_REQUIREMENT_: Below are entries. Reproduce exactly the lines between the line holding "11.875C90.108 11.875 92.717" and the line holding "27.926C48.247 27.926 49.397", inclusive, and only those.

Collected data
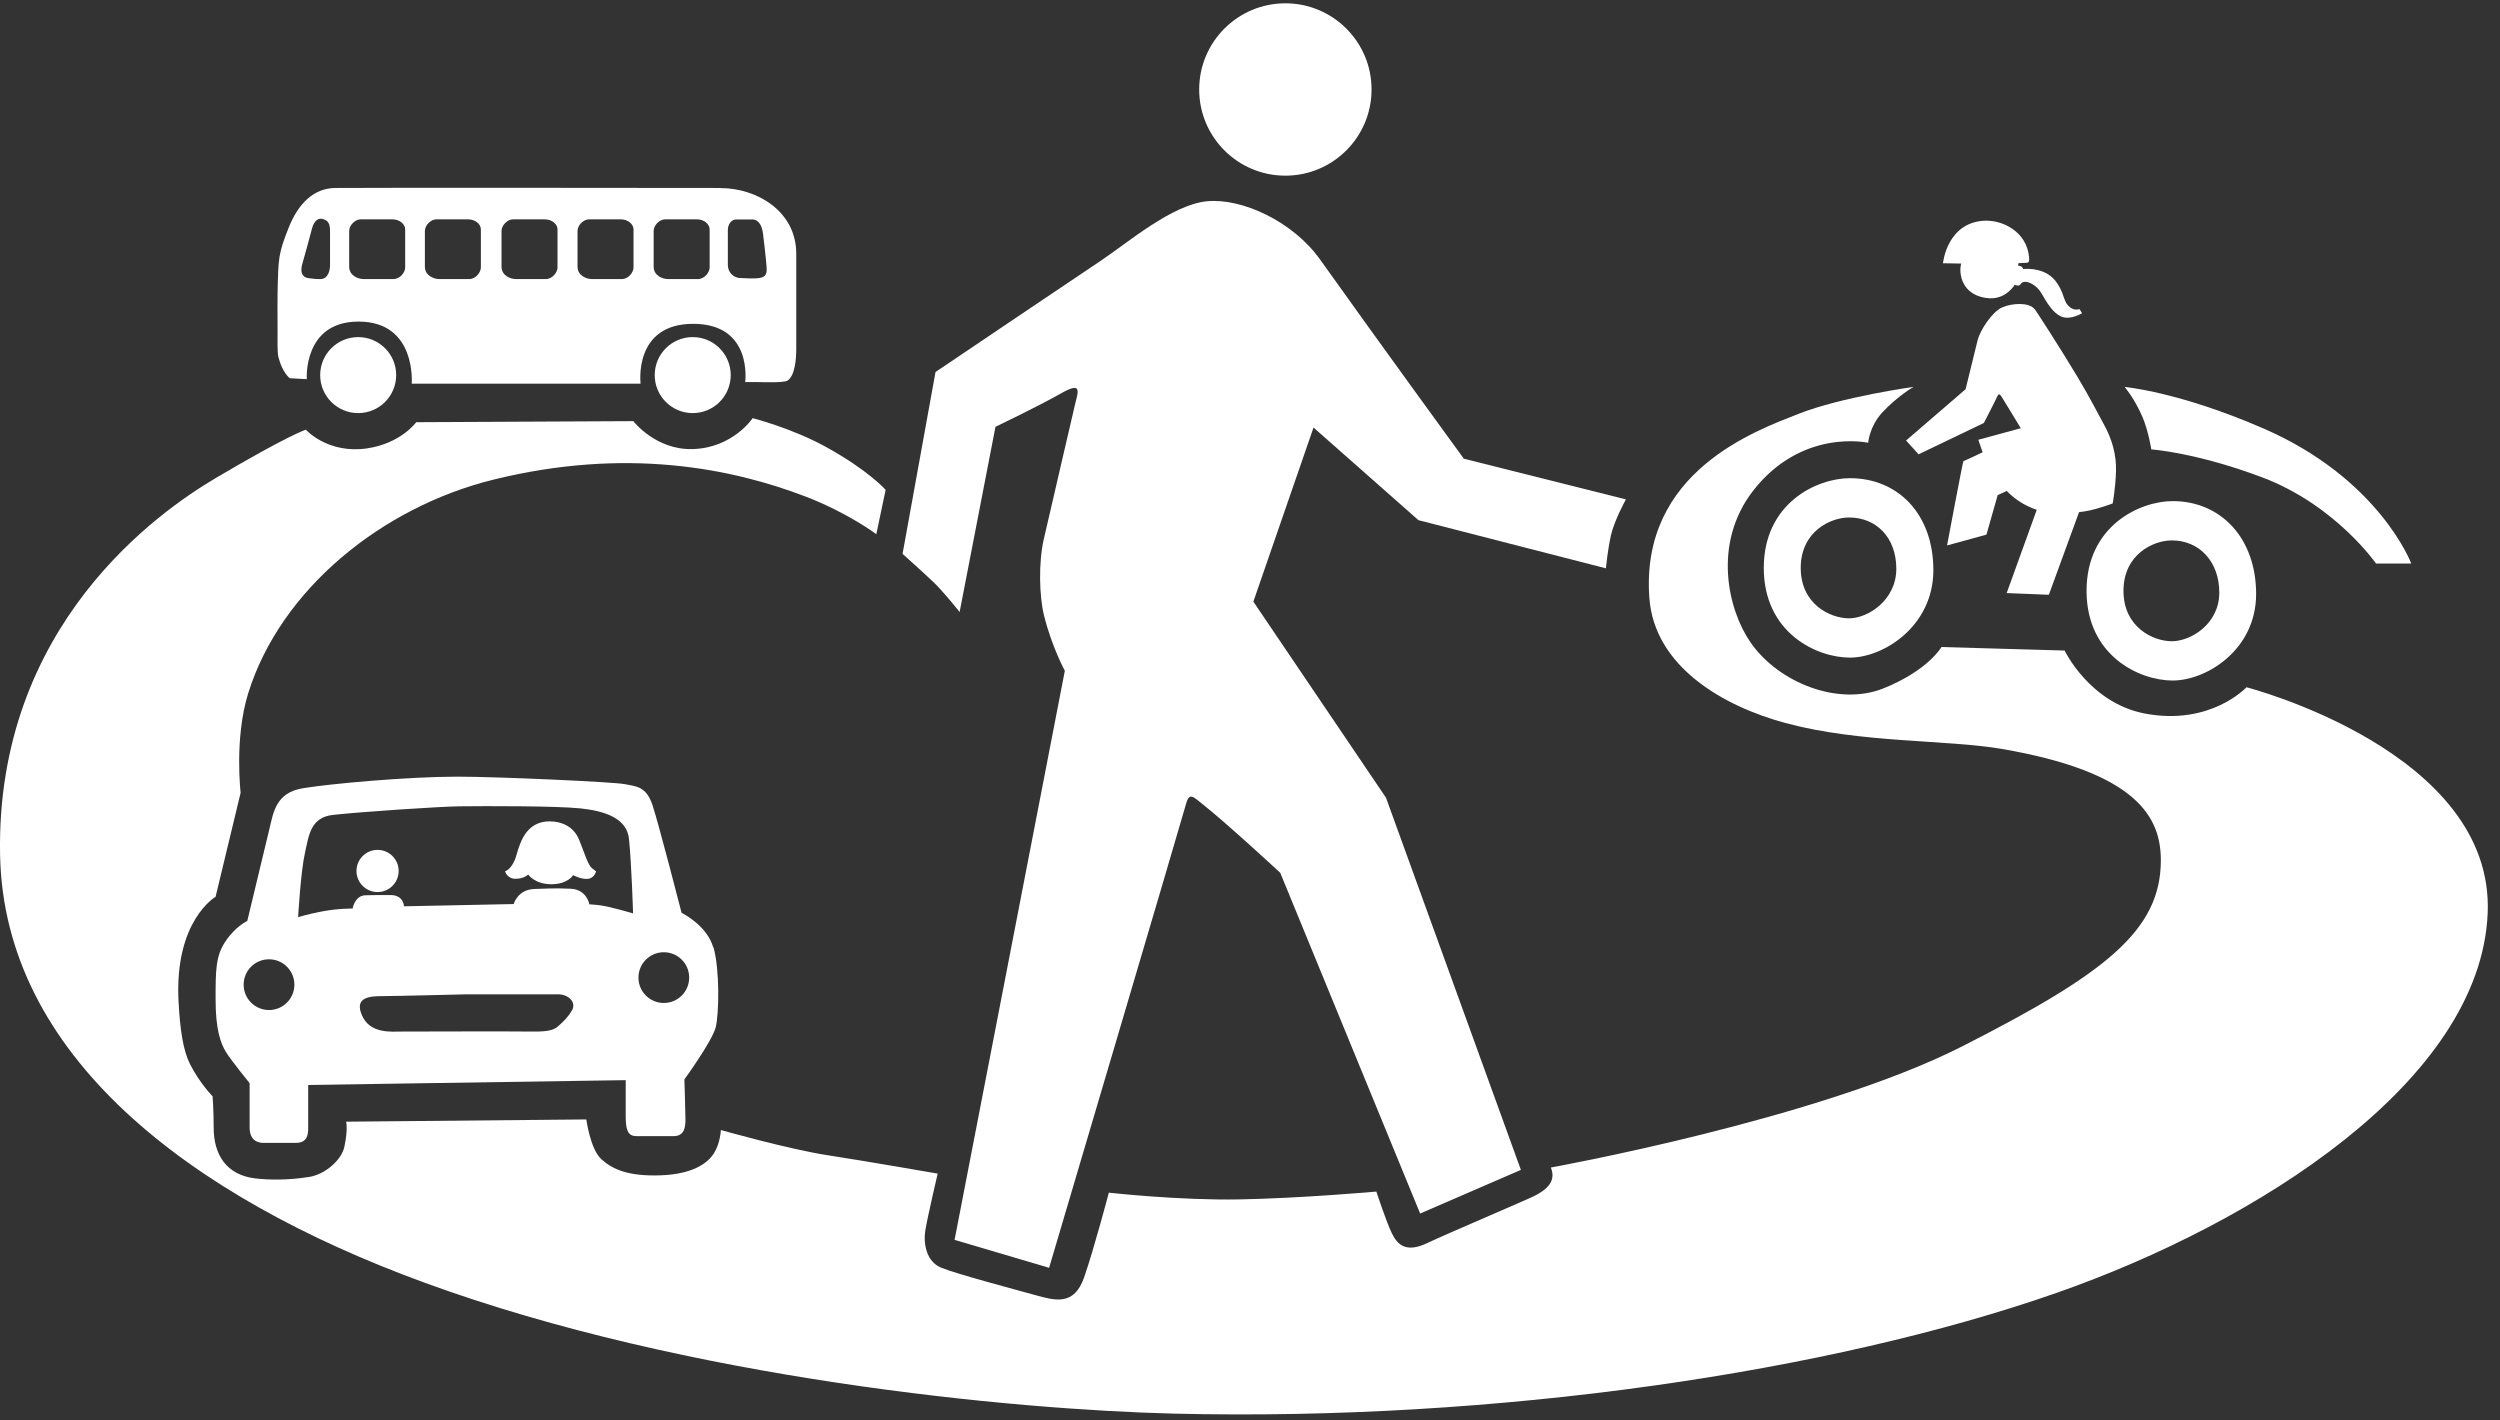 <?xml version="1.0" encoding="UTF-8"?>
<svg xmlns="http://www.w3.org/2000/svg" width="169" height="96" viewBox="0 0 169 96" fill="none">
  <rect x="0" y="0" width="169" height="96" fill="#333333" stroke="none"/>
  <path d="M86.891 11.875C90.108 11.875 92.717 9.267 92.717 6.049C92.717 2.832 90.108 0.224 86.891 0.224C83.674 0.224 81.065 2.832 81.065 6.049C81.065 9.267 83.674 11.875 86.891 11.875Z" fill="white"></path>
  <path d="M24.213 27.926C25.632 27.926 26.782 26.776 26.782 25.357C26.782 23.938 25.632 22.788 24.213 22.788C22.794 22.788 21.644 23.938 21.644 25.357C21.644 26.776 22.794 27.926 24.213 27.926Z" fill="white"></path>
  <path d="M46.828 27.926C48.247 27.926 49.397 26.776 49.397 25.357C49.397 23.938 48.247 22.788 46.828 22.788C45.409 22.788 44.259 23.938 44.259 25.357C44.259 26.776 45.409 27.926 46.828 27.926Z" fill="white"></path>
  <path d="M48.688 12.707C46.756 12.707 25.53 12.678 22.665 12.707C21.203 12.722 20.154 13.764 19.502 15.421C18.822 17.151 18.815 17.39 18.764 19.821C18.75 20.501 18.764 21.225 18.764 22.542C18.764 22.962 18.735 23.823 18.829 24.17C19.097 25.205 19.589 25.567 19.589 25.567L20.74 25.632C20.74 25.632 20.472 21.739 24.235 21.739C28.179 21.739 27.832 25.936 27.832 25.936H43.304C43.304 25.936 42.797 21.891 46.857 21.891C50.917 21.891 50.374 25.828 50.374 25.828H51.17C51.583 25.828 52.987 25.893 53.24 25.726C53.746 25.401 53.826 24.235 53.826 23.599V17.143C53.826 14.271 51.148 12.715 48.717 12.715L48.688 12.707ZM22.31 17.932C22.31 18.222 22.209 18.873 21.644 18.866C21.304 18.866 21.109 18.837 20.848 18.801C20.646 18.779 20.204 18.634 20.443 17.817C20.682 16.999 20.95 15.978 21.087 15.457C21.224 14.944 21.5 14.741 21.745 14.791C22.057 14.857 22.31 14.98 22.31 15.573V17.932ZM27.39 18.091C27.39 18.366 27.086 18.866 26.58 18.866H24.582C24.184 18.866 23.605 18.613 23.605 18.034V15.609C23.605 15.219 24.018 14.828 24.372 14.828H26.536C27.007 14.828 27.39 15.146 27.39 15.508V18.091ZM32.507 18.091C32.507 18.366 32.203 18.866 31.696 18.866H29.699C29.301 18.866 28.722 18.613 28.722 18.034V15.609C28.722 15.219 29.134 14.828 29.489 14.828H31.653C32.123 14.828 32.507 15.146 32.507 15.508V18.091ZM37.688 18.091C37.688 18.366 37.384 18.866 36.878 18.866H34.88C34.482 18.866 33.903 18.613 33.903 18.034V15.609C33.903 15.219 34.316 14.828 34.67 14.828H36.834C37.305 14.828 37.688 15.146 37.688 15.508V18.091ZM42.826 18.091C42.826 18.366 42.522 18.866 42.016 18.866H40.018C39.62 18.866 39.041 18.613 39.041 18.034V15.609C39.041 15.219 39.454 14.828 39.809 14.828H41.972C42.443 14.828 42.826 15.146 42.826 15.508V18.091ZM47.972 18.091C47.972 18.366 47.668 18.866 47.161 18.866H45.164C44.766 18.866 44.187 18.613 44.187 18.034V15.609C44.187 15.219 44.599 14.828 44.954 14.828H47.118C47.588 14.828 47.972 15.146 47.972 15.508V18.091ZM51.337 18.793C50.852 18.859 50.251 18.793 50.012 18.793C49.773 18.793 49.202 18.576 49.202 17.874V15.551C49.202 15.153 49.448 14.835 49.766 14.835H50.881C51.105 14.835 51.496 15.016 51.583 15.819C51.583 15.819 51.785 17.484 51.822 18.048C51.843 18.439 51.822 18.728 51.337 18.793Z" fill="white"></path>
  <path d="M74.502 17.563C76.188 16.442 79.227 13.829 81.594 13.605C83.96 13.38 87.398 14.965 89.236 17.541C93.375 23.353 98.955 31.009 98.955 31.009L109.911 33.759C109.911 33.759 109.13 35.17 108.898 36.191C108.674 37.211 108.558 38.419 108.558 38.419L95.886 35.163L88.794 28.903L84.727 40.67L93.694 53.928L102.812 79.083L96.002 82.035L86.544 59.001C86.544 59.001 83.005 55.723 81.341 54.398C80.631 53.834 80.385 53.501 80.146 54.449C79.973 55.122 70.92 85.704 70.92 85.704L64.529 83.816L71.983 45.345C71.983 45.345 71.1 43.731 70.572 41.589C70.254 40.301 70.196 38.014 70.565 36.429C71.549 32.196 72.577 27.716 72.7 27.224C72.924 26.356 73.083 25.82 71.708 26.602C70.203 27.456 67.294 28.852 67.294 28.852L64.87 41.372C64.87 41.372 63.784 39.997 63.082 39.331C62.424 38.702 61.013 37.443 61.013 37.443L63.241 25.147C63.241 25.147 72.671 18.786 74.495 17.57L74.502 17.563Z" fill="white"></path>
  <path d="M59.869 33.108L59.239 36.111C59.239 36.111 57.329 34.671 54.449 33.564C49.506 31.675 42.363 30.198 33.339 32.428C25.849 34.28 18.967 39.816 16.774 46.879C15.833 49.919 16.267 53.588 16.267 53.588L14.574 60.622C14.574 60.622 11.773 62.236 12.07 67.714C12.171 69.61 12.381 71.007 12.837 71.918C13.489 73.214 14.371 74.111 14.371 74.111C14.371 74.111 14.444 75.016 14.444 76.232C14.444 78.048 15.298 79.437 17.273 79.662C18.127 79.763 19.408 79.799 20.899 79.561C21.984 79.387 23.092 78.417 23.28 77.52C23.54 76.304 23.396 75.826 23.396 75.826L39.635 75.674C39.635 75.674 39.903 77.686 40.655 78.366C41.408 79.047 42.472 79.531 44.664 79.452C46.857 79.372 47.856 78.62 48.276 77.939C48.695 77.259 48.731 76.391 48.731 76.391C48.731 76.391 53.341 77.693 55.932 78.091C58.523 78.489 63.386 79.336 63.386 79.336C63.386 79.336 62.706 82.245 62.554 83.157C62.402 84.069 62.626 85.278 63.61 85.69C64.594 86.103 68.604 87.166 69.964 87.543C71.325 87.919 72.613 88.302 73.293 86.334C73.973 84.366 74.957 80.624 74.957 80.624C74.957 80.624 79.654 81.153 83.772 81.08C87.89 81.008 93.042 80.552 93.042 80.552C93.042 80.552 93.722 82.629 94.099 83.389C94.475 84.149 95.047 84.713 96.48 84.033C97.92 83.353 103.159 81.131 103.702 80.856C104.838 80.291 105.142 79.683 104.838 78.924C104.838 78.924 122.923 75.667 132.606 70.753C142.288 65.832 146.073 62.923 146.073 58.154C146.073 55.281 144.524 52.213 135.327 50.628C131.65 49.991 125.76 50.244 120.701 48.877C116.489 47.74 111.836 45.07 111.496 40.417C110.874 31.87 118.718 29.106 121.598 27.97C124.479 26.834 129.356 26.153 129.356 26.153C129.356 26.153 128.242 26.797 127.236 27.89C126.367 28.838 126.288 29.931 126.288 29.931C126.288 29.931 121.787 28.918 118.479 33.216C115.773 36.748 116.793 41.206 118.342 43.435C120.245 46.17 124.283 47.748 127.308 46.539C130.333 45.331 131.245 43.739 131.245 43.739L139.567 43.977C139.567 43.977 141.268 47.538 145.017 48.24C149.445 49.072 151.863 46.459 151.863 46.459C151.863 46.459 168.645 50.773 168.167 61.744C167.675 73.091 152.565 82.658 139.046 87.391C123.719 92.76 101.205 96.089 79.343 95.561C68.488 95.293 46.524 93.231 28.7 86.71C12.627 80.834 0.281 71.282 0.006 57.821C-0.305 42.233 10.811 34.548 14.567 32.326C19.524 29.395 20.675 29.048 20.675 29.048C20.675 29.048 22.144 30.691 24.792 30.314C27.101 29.981 28.136 28.541 28.136 28.541L42.812 28.469C42.812 28.469 44.324 30.43 46.821 30.358C49.542 30.285 50.881 28.266 50.881 28.266C50.881 28.266 53.537 28.947 55.824 30.206C58.725 31.805 59.862 33.108 59.862 33.108H59.869Z" fill="white"></path>
  <path d="M48.218 64.052C47.791 62.54 46.075 61.707 46.075 61.707C46.075 61.707 44.534 55.708 44.107 54.42C43.68 53.132 42.971 53.161 42.24 53.009C41.509 52.857 33.614 52.502 30.943 52.502C27.564 52.502 22.317 52.98 20.479 53.284C18.641 53.588 18.489 54.898 18.207 56.055C17.932 57.213 16.716 62.257 16.716 62.257C16.716 62.257 15.934 62.612 15.254 63.618C14.574 64.624 14.574 65.586 14.574 67.576C14.574 69.567 14.907 70.529 15.283 71.13C15.659 71.73 16.875 73.221 16.875 73.221V76.224C16.875 77.056 17.382 77.259 17.809 77.259H20.001C20.906 77.259 20.834 76.499 20.834 75.993V73.344L42.298 73.018V75.464C42.298 76.926 42.725 76.803 43.434 76.803H45.526C46.285 76.803 46.336 76.174 46.336 75.667C46.336 75.16 46.264 72.968 46.264 72.968C46.264 72.968 48.152 70.37 48.384 69.436C48.608 68.503 48.659 65.55 48.232 64.038L48.218 64.052ZM18.185 68.278C17.237 68.278 16.47 67.511 16.47 66.563C16.47 65.615 17.237 64.848 18.185 64.848C19.133 64.848 19.9 65.615 19.9 66.563C19.9 67.511 19.133 68.278 18.185 68.278ZM38.665 68.293C38.397 68.778 38.057 69.074 37.782 69.328C37.507 69.581 37.225 69.755 35.944 69.733C34.656 69.711 27.926 69.733 27.195 69.733C26.464 69.733 25.024 69.907 24.474 68.647C23.916 67.388 25.031 67.338 25.863 67.338C26.695 67.338 31.573 67.215 31.573 67.215H37.717C38.426 67.215 38.976 67.743 38.672 68.3L38.665 68.293ZM40.655 61.208C40.076 61.136 39.845 61.136 39.845 61.136C39.845 61.136 39.671 60.13 38.585 60.079C37.5 60.028 36.849 60.072 36.139 60.094C34.981 60.13 34.728 61.114 34.728 61.114L27.311 61.266C27.311 61.266 27.289 60.506 26.406 60.506C25.523 60.506 25.234 60.506 24.705 60.52C23.974 60.542 23.837 61.418 23.837 61.418C23.837 61.418 22.853 61.403 21.731 61.62C20.79 61.801 20.153 61.997 20.153 61.997C20.153 61.997 20.327 58.885 20.631 57.575C20.884 56.475 20.986 55.252 22.52 55.086C24.503 54.869 29.785 54.521 31.045 54.507C32.861 54.485 37.536 54.478 39.208 54.644C40.88 54.818 42.385 55.303 42.522 56.728C42.696 58.48 42.797 61.743 42.797 61.743C42.797 61.743 41.234 61.288 40.655 61.215V61.208ZM44.874 67.801C43.926 67.801 43.159 67.034 43.159 66.086C43.159 65.138 43.926 64.371 44.874 64.371C45.822 64.371 46.589 65.138 46.589 66.086C46.589 67.034 45.822 67.801 44.874 67.801Z" fill="white"></path>
  <path d="M37.196 55.527C37.927 55.527 38.774 55.846 39.15 56.772C39.526 57.698 39.743 58.473 40.018 58.69L40.293 58.907C40.293 58.907 40.178 59.384 39.714 59.413C39.251 59.442 38.745 59.16 38.745 59.16C38.745 59.16 38.39 59.775 37.268 59.775C36.147 59.775 35.705 59.117 35.705 59.117C35.705 59.117 35.43 59.406 34.851 59.406C34.272 59.406 34.142 58.9 34.142 58.9C34.142 58.9 34.634 58.777 34.909 57.814C35.184 56.852 35.604 55.52 37.189 55.52L37.196 55.527Z" fill="white"></path>
  <path d="M25.523 60.303C26.311 60.303 26.949 59.665 26.949 58.878C26.949 58.09 26.311 57.452 25.523 57.452C24.736 57.452 24.098 58.09 24.098 58.878C24.098 59.665 24.736 60.303 25.523 60.303Z" fill="white"></path>
  <path d="M134.328 14.922C135.37 14.922 136.991 15.631 137.165 17.368C137.201 17.694 137.129 17.766 136.977 17.766C136.846 17.766 136.448 17.788 136.448 17.788L136.427 17.976C136.427 17.976 136.55 17.947 136.651 18.019C136.731 18.077 136.767 18.186 136.767 18.186C136.767 18.186 137.997 18.034 138.771 18.794C139.408 19.423 139.502 20.226 139.683 20.494C140.088 21.109 140.573 20.892 140.573 20.892L140.747 21.174C140.747 21.174 139.987 21.645 139.379 21.413C138.771 21.182 138.344 20.415 138.004 19.828C137.664 19.242 137.085 19.011 136.832 19.054C136.579 19.097 136.622 19.278 136.47 19.3C136.318 19.322 136.202 19.242 136.202 19.242C136.202 19.242 135.616 20.241 134.465 20.161C133.315 20.082 132.772 19.43 132.598 18.801C132.439 18.229 132.577 17.817 132.577 17.817L131.346 17.795C131.346 17.795 131.614 14.915 134.335 14.915L134.328 14.922Z" fill="white"></path>
  <path d="M143.634 26.16C143.634 26.16 147.303 26.479 153.035 28.976C160.858 32.384 163 38.094 163 38.094H160.619C160.619 38.094 157.862 34.128 152.919 32.268C148.44 30.582 145.429 30.379 145.429 30.379C145.429 30.379 145.234 29.12 144.821 28.165C144.271 26.899 143.627 26.16 143.627 26.16H143.634Z" fill="white"></path>
  <path d="M137.555 20.907C137.744 21.174 139.242 23.483 140.436 25.473C141.326 26.964 141.955 28.208 142.194 28.635C142.751 29.634 143.077 30.691 143.041 31.863C143.005 33.035 142.817 34.034 142.817 34.034C142.817 34.034 142.259 34.237 141.68 34.403C141.101 34.569 140.544 34.62 140.544 34.62L138.503 40.207L135.652 40.091L137.686 34.461C137.686 34.461 137.121 34.294 136.542 33.918C135.963 33.542 135.659 33.187 135.659 33.187L135.044 33.469L134.284 36.14L131.621 36.871C131.621 36.871 132.692 31.161 132.729 31.168C132.765 31.175 134.024 30.575 134.024 30.575L133.734 29.728L136.607 28.947C136.607 28.947 135.457 27.058 135.312 26.826C135.167 26.595 135.095 26.616 135.008 26.812C134.907 27.05 134.111 28.592 134.111 28.592L129.696 30.712L128.85 29.779L132.873 26.312C132.873 26.312 133.539 23.599 133.691 22.983C133.843 22.368 134.646 21.08 135.355 20.776C136.065 20.472 137.208 20.436 137.541 20.907H137.555Z" fill="white"></path>
  <path d="M125.058 32.326C122.814 32.326 119.232 34.012 119.232 38.391C119.232 42.769 122.785 44.455 125.058 44.455C127.33 44.455 130.695 42.327 130.695 38.542C130.695 34.758 128.314 32.326 125.058 32.326ZM125 41.799C123.726 41.799 121.729 40.851 121.729 38.391C121.729 35.93 123.74 34.982 125 34.982C126.831 34.982 128.191 36.328 128.191 38.449C128.191 40.569 126.273 41.799 125 41.799Z" fill="white"></path>
  <path d="M146.876 33.875C144.633 33.875 141.051 35.561 141.051 39.939C141.051 44.317 144.604 46.004 146.876 46.004C149.149 46.004 152.514 43.934 152.514 40.156C152.514 36.379 150.133 33.875 146.876 33.875ZM146.818 43.348C145.545 43.348 143.547 42.4 143.547 39.939C143.547 37.479 145.559 36.531 146.818 36.531C148.649 36.531 150.024 37.935 150.024 40.062C150.024 42.19 148.092 43.348 146.818 43.348Z" fill="white"></path>
</svg>

_TASK ANSWER_:
  <path d="M86.891 11.875C90.108 11.875 92.717 9.267 92.717 6.049C92.717 2.832 90.108 0.224 86.891 0.224C83.674 0.224 81.065 2.832 81.065 6.049C81.065 9.267 83.674 11.875 86.891 11.875Z" fill="white"></path>
  <path d="M24.213 27.926C25.632 27.926 26.782 26.776 26.782 25.357C26.782 23.938 25.632 22.788 24.213 22.788C22.794 22.788 21.644 23.938 21.644 25.357C21.644 26.776 22.794 27.926 24.213 27.926Z" fill="white"></path>
  <path d="M46.828 27.926C48.247 27.926 49.397 26.776 49.397 25.357C49.397 23.938 48.247 22.788 46.828 22.788C45.409 22.788 44.259 23.938 44.259 25.357C44.259 26.776 45.409 27.926 46.828 27.926Z" fill="white"></path>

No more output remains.